I believe this to be just another example of scholars' of Mr Hume's contempory philosphical opponents attempt at humour with a comical reference to his most famous work 'A treatise on the causation of hay fever'. In some dark book lined depth of Edinburgh University, they are laughing their heads off and breaking open the 25-year-old malt at this cutting rebuttal of Mr Humes atheistic theories.

Numptie said...

I think that the flowers were in celebration of Mr Hume's Treatise on the Beauty and Complexity of the Waggle Dance of the Common Intellectual Honey Bee... And while you're at it if that Malt is Laphroig make mine a double!

Cliff said...

now there's no need to just start making stuff up numptie. We must keep to Mr Elder's carefully cultivated serious tone

as for the laphroigh, Mrs Cliff is rather partial to the Islay malts too. She tells me the laphroigh reminds her of the aroma of damp embers on a recently extinguished fire, and that the peat makes you live longer because just look at the conditition of some of these lads they pull out of Irish bogs from time to time. She also likes it because it's the only gallic name she can pronounce, if perhaps not actually spell.
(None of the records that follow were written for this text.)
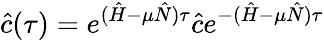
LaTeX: \hat{c}(\tau)=e^{(\hat{H}-\mu\hat{N})\tau}\hat{c}e^{-(\hat{H}-\mu\hat{N})\tau}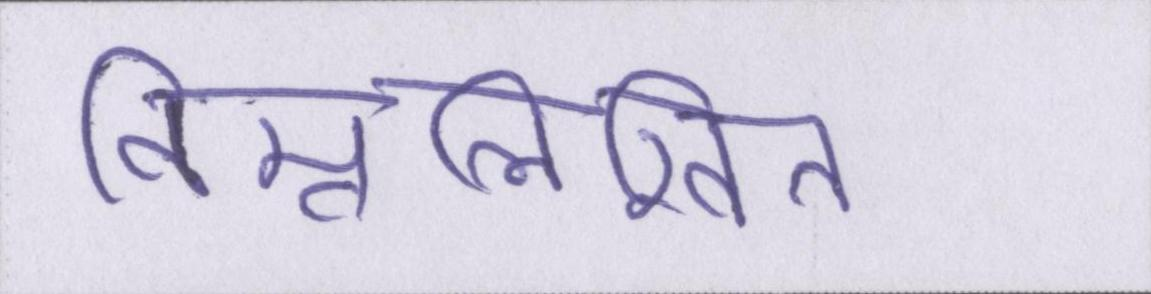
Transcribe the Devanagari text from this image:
निम्नलिखित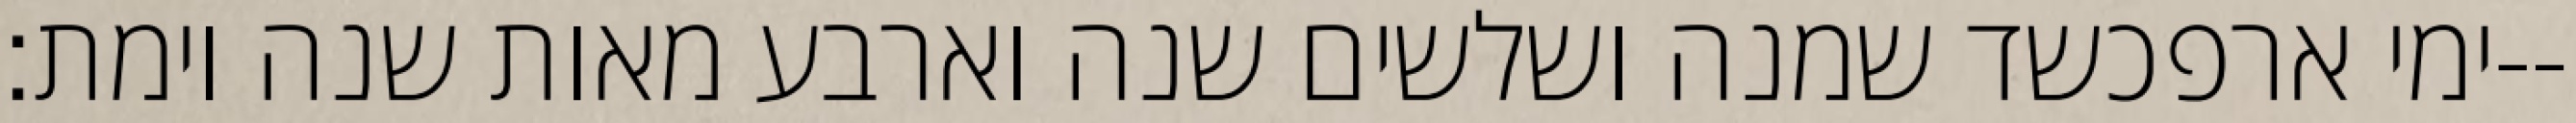
ימי ארפכשד שמנה ושלשים שנה וארבע מאות שנה וימת׃--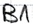
Text: B1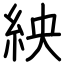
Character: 紻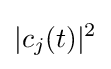
|c_{j}(t)|^{2}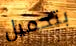
بتحميل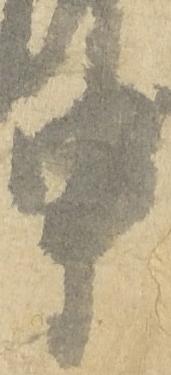
申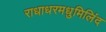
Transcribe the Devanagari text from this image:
राधाधरमधुमिलिंद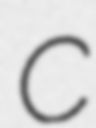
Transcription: C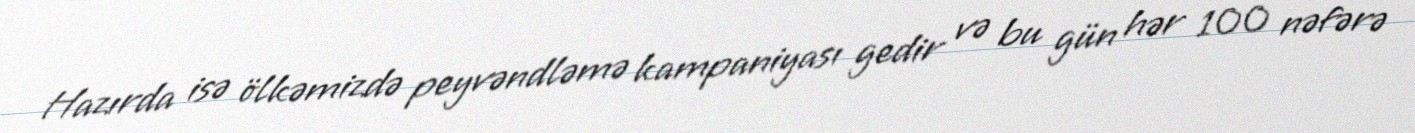
Hazırda isə ölkəmizdə peyvəndləmə kampaniyası gedir və bu gün hər 100 nəfərə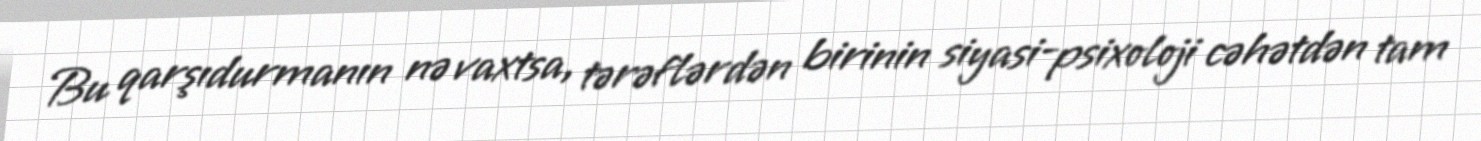
Bu qarşıdurmanın nə vaxtsa, tərəflərdən birinin siyasi-psixoloji cəhətdən tam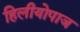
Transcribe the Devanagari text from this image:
हिलीयोपाज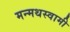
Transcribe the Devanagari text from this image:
मन्मथस्वामी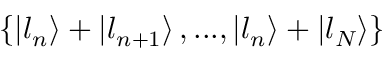
\left\{ \left\lvert l _ { n } \right\rangle + \left\lvert l _ { n + 1 } \right\rangle , . . . , \left\lvert l _ { n } \right\rangle + \left\lvert l _ { N } \right\rangle \right\}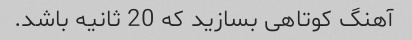
آهنگ کوتاهی بسازید که 20 ثانیه باشد.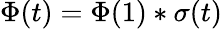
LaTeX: \Phi(t)=\Phi(1)*\sigma(t)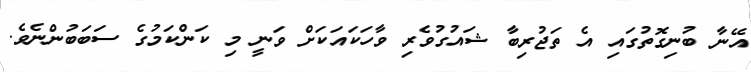
އޭނާ ބުނިގޮތުގައި އެ ތަޖުރިބާ ޝައުގުވެރި ވާހަކައަކަށް ވަނީ މި ކަންކަމުގެ ސަބަބުންނެވެ.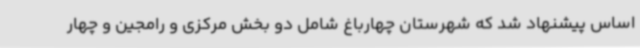
اساس پیشنهاد شد که شهرستان چهارباغ شامل دو بخش مرکزی و رامجین و چهار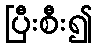
ပြီးစီး၍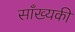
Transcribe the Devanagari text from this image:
साँख्यकी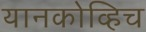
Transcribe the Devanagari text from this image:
यानकोव्हिच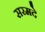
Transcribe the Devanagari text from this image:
सरमदे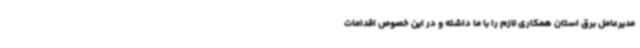
مدیرعامل برق استان همکاری لازم را با ما داشته و در این خصوص اقدامات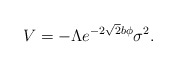
\begin{align*}V=- \Lambda e^{-2 \sqrt{2} b \phi} \sigma^2.\end{align*}
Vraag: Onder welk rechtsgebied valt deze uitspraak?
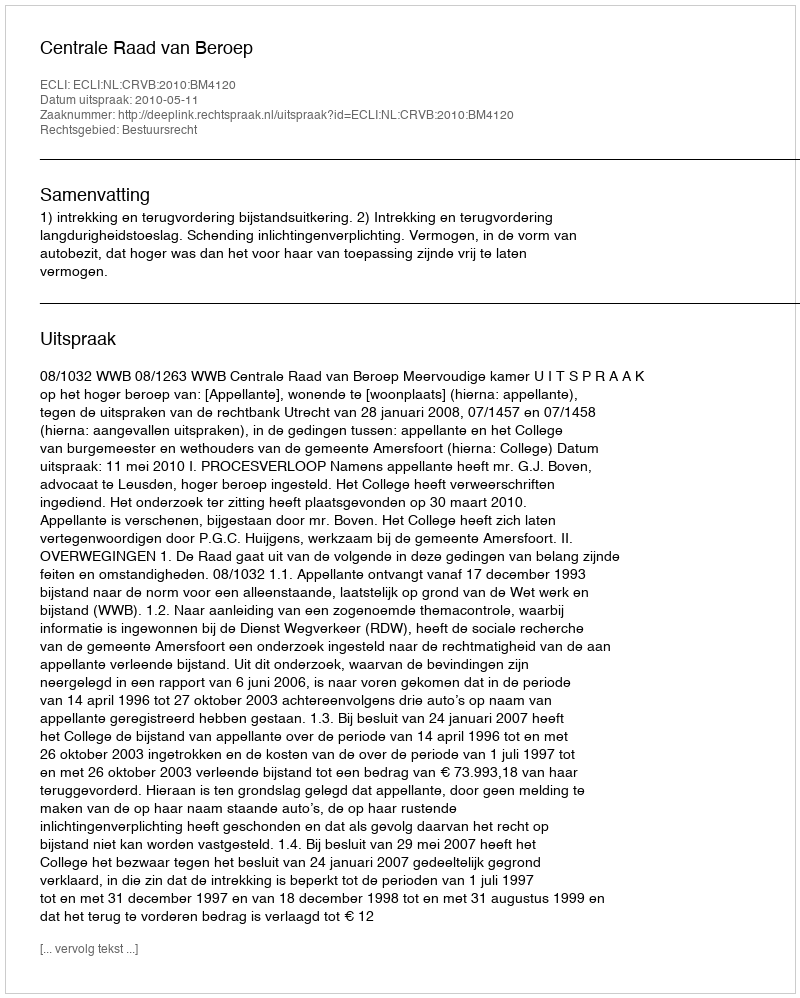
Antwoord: Bestuursrecht

I never touch the stuff myself in view of alcohol being the work of the devil.

Crivvens said...

apparently Hume has become a totem for the legions of shrieking hen parties who wobble up and down the Royal Mile dressed as poilcewomen or fat devils. The urban myth has formed that if they leave an offering, they will be blessed with a happy marriage. If his nipple is rubbed, one hears, there will be additional bounty in the form of a brace of children. This is true, oddly. Flowers are just the start...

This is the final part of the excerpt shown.